(Stored items from a collection)
------------

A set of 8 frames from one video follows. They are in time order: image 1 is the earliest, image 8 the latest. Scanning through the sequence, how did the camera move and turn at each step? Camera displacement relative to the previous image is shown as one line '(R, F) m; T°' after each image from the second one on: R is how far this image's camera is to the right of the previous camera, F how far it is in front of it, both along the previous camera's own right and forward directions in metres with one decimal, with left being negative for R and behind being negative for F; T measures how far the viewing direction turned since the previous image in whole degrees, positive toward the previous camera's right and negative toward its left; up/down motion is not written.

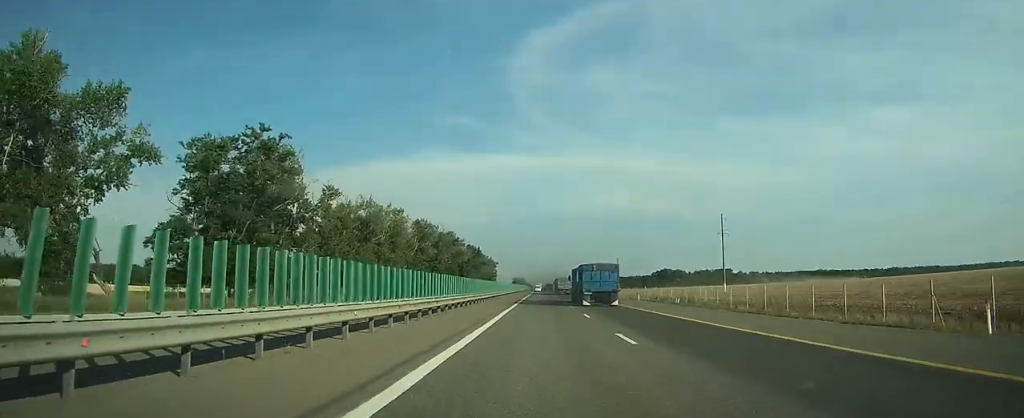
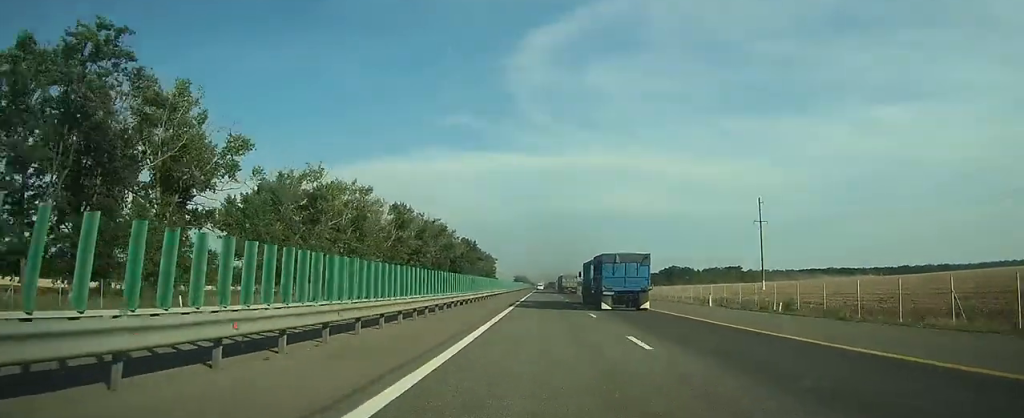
(0.0, +25.3) m; 0°
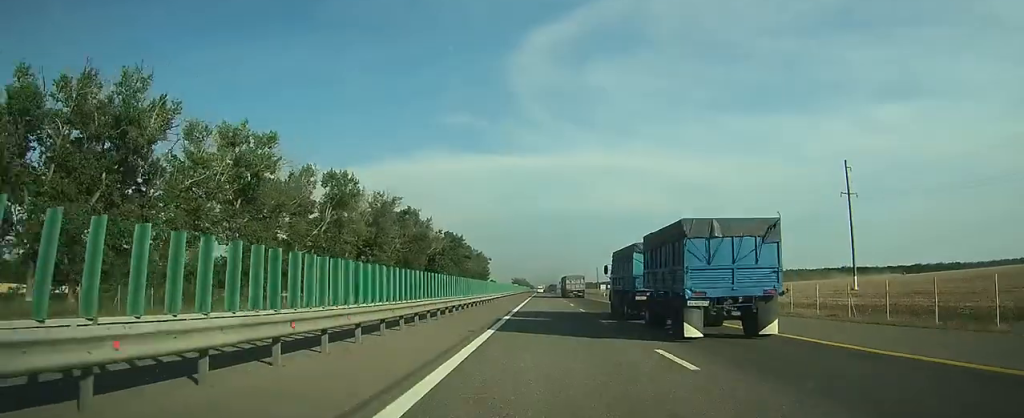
(0.0, +38.4) m; 0°
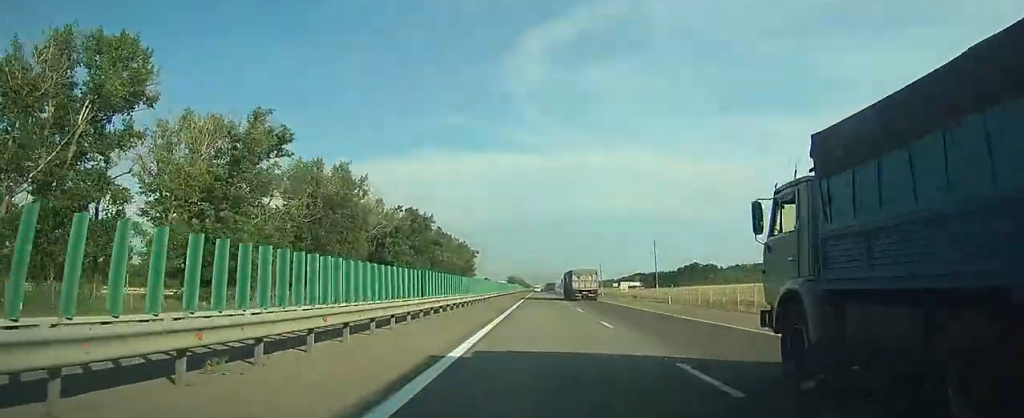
(+0.1, +49.8) m; 0°
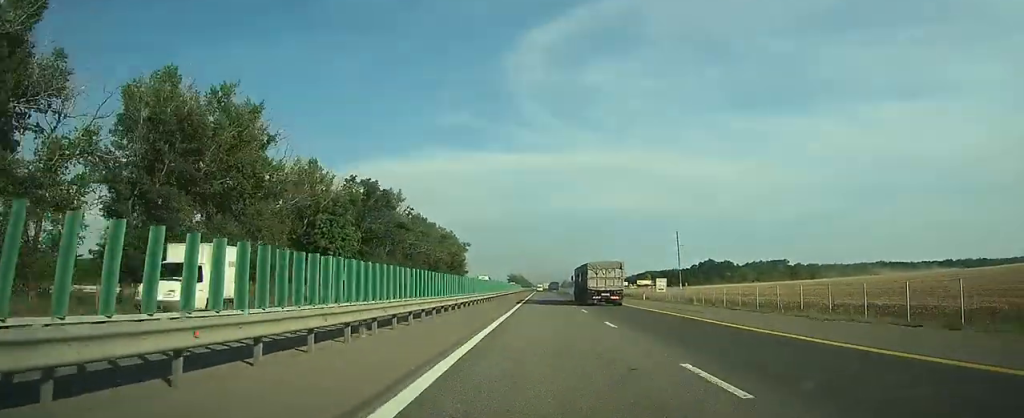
(0.0, +35.8) m; 0°
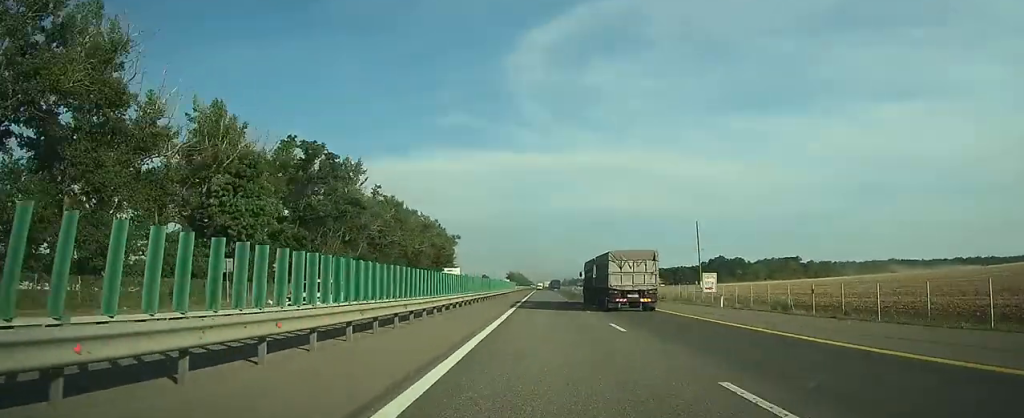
(0.0, +25.7) m; 0°
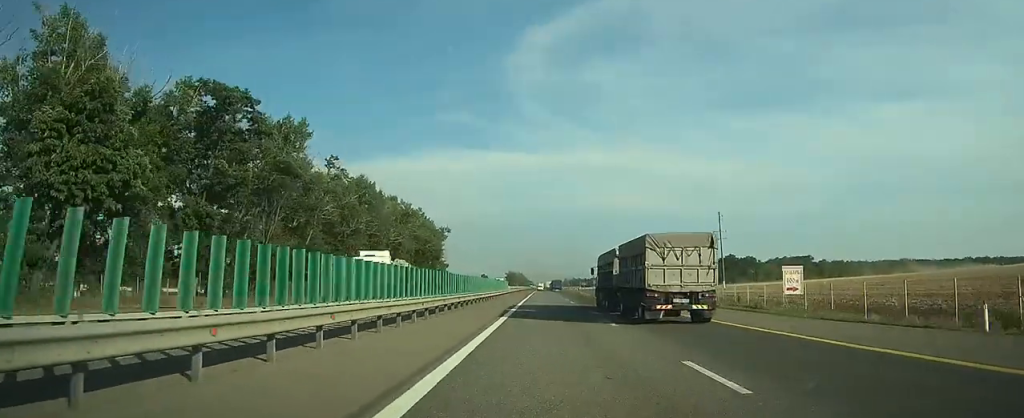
(0.0, +21.7) m; 0°
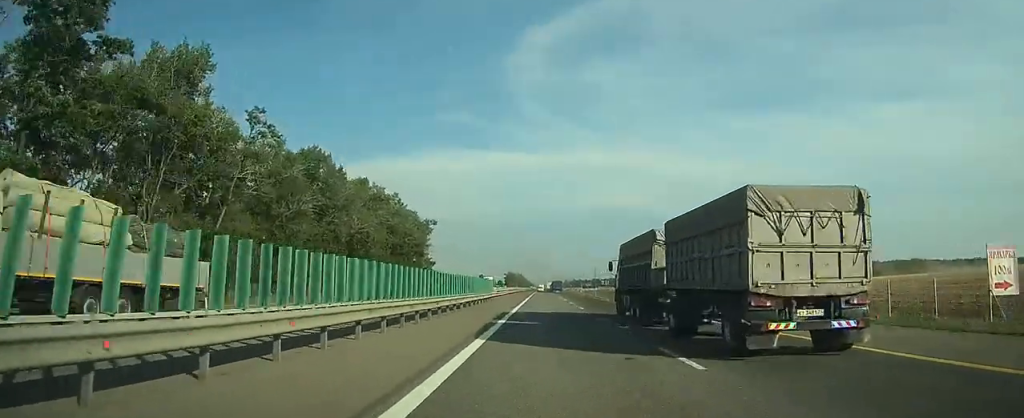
(0.0, +21.7) m; 0°

------------

An exact copy of the entries, without any pictures, is what the answer should be.

Response to this exercise:
A set of 8 frames from one video follows. They are in time order: image 1 is the earliest, image 8 the latest. Scanning through the sequence, how did the camera move and turn at each step? Camera displacement relative to the previous image is shown as one line '(R, F) m; T°' after each image from the second one on: R is how far this image's camera is to the right of the previous camera, F how far it is in front of it, both along the previous camera's own right and forward directions in metres with one decimal, with left being negative for R and behind being negative for F; T measures how far the viewing direction turned since the previous image in whole degrees, positive toward the previous camera's right and negative toward its left; up/down motion is not written.

(0.0, +25.3) m; 0°
(0.0, +38.4) m; 0°
(+0.1, +49.8) m; 0°
(0.0, +35.8) m; 0°
(0.0, +25.7) m; 0°
(0.0, +21.7) m; 0°
(0.0, +21.7) m; 0°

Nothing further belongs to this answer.